I’m pleased that Simon Mansfield is brave enough to come out and nail Hamilton for the Savonarola that he is.
Now let Guy Rundle come out. It’s beyond belief that a professionally cynical Marxist can’t smell a cult when it’s in the same room with him. Does Guy fear the opprobrium of the cultists? Right now, the slightest scepticism or even criticism of AGW is political suicide. Tribalism. The contempt showered on me, a nobody, by the AGW tossariat is like a daily vat of shit poured from the pulpit. Thank God I’m English. My towel is always dry.
Frank, you confuse me. You clearly are not your average ‘climate change is not happening’ adopter of a maladaptive teapot stance and yet you are scornful of the ‘cult’ and its saviour St Hamilton.
So, please, let me know what you think we should be doing? What is the Campbell manifesto?
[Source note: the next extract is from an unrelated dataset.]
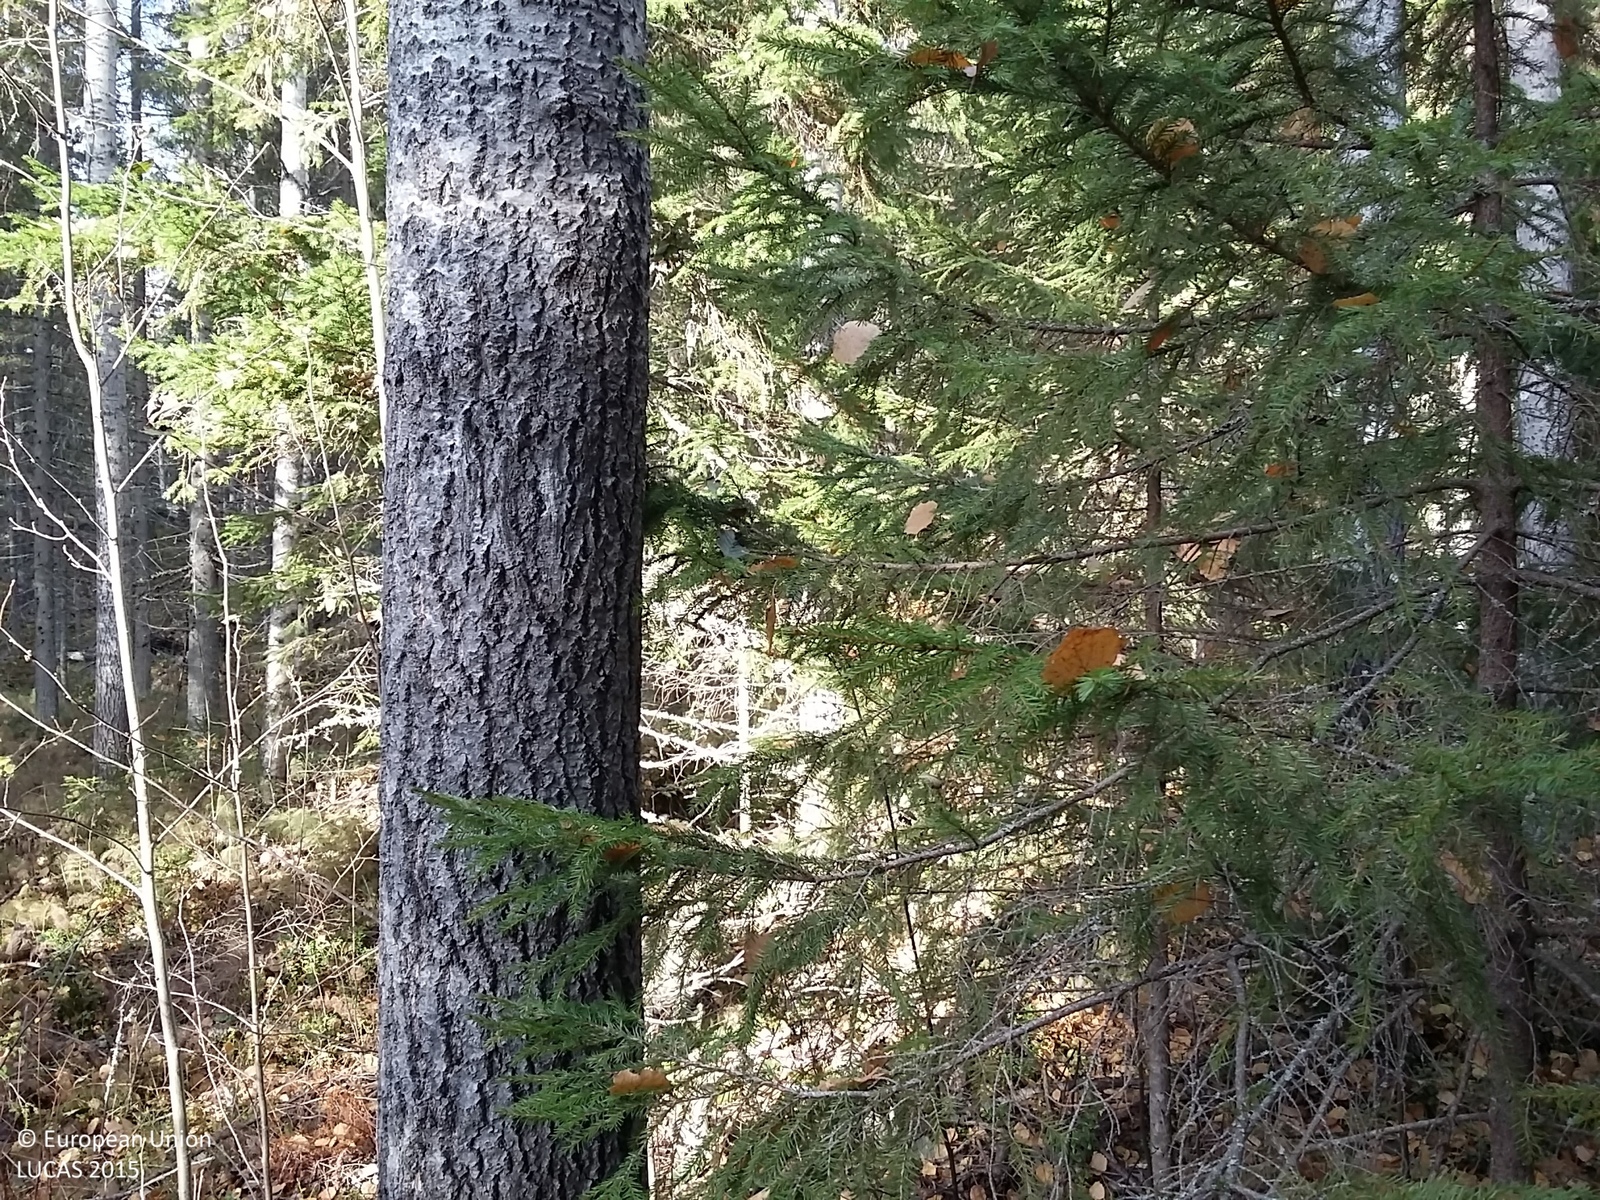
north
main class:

No, no Altakoi. We don’t need a manifesto from a self-confessed shitproof, dry towel, nobody Pom. Although he did come up with “tossariat” which I like a lot.
THE NATURE OF SKEPTICISM
Scepticism is inherent in true science, where datasets and observations are examined from a variety of angles, as is the procedure when papers are submitted for rigorous peer-reviews in scientific journals, often rejected only to be resubmitted if and when a significant body of evidence associated with interpretations consistent with the basic laws of physics and chemistry are advanced by authors.
Climate scientists would be delighted to be proved wrong – what a relief it would be. I can’t wait to read a peer-reviewed scientific paper which proves that, in the very least, human emissions are not responsible for runaway climate change.
Sheer ignorance of physics and chemistry, of climatology and of the history of the Earth atmosphere/ocean system, including fraudulant alteration of data measurements, do not constitute “scepticism” more than creationism constitutes “scepticism” vis-a-vis darwinian evolution theory.
I do not compare “sceptics” to holocaust deniers for the simple reason I believe most of them do not understand the science of climate change. They simply do not get it and instead express motives arising from other quarters, including a belief in human supermacy over nature.
It is if and where (self-appointed) “sceptics” are aware of the consequences of their promotion of the continuing use of the atmosphere as an open sewer for carbon gases, that the issue aquires an entirely different perspective.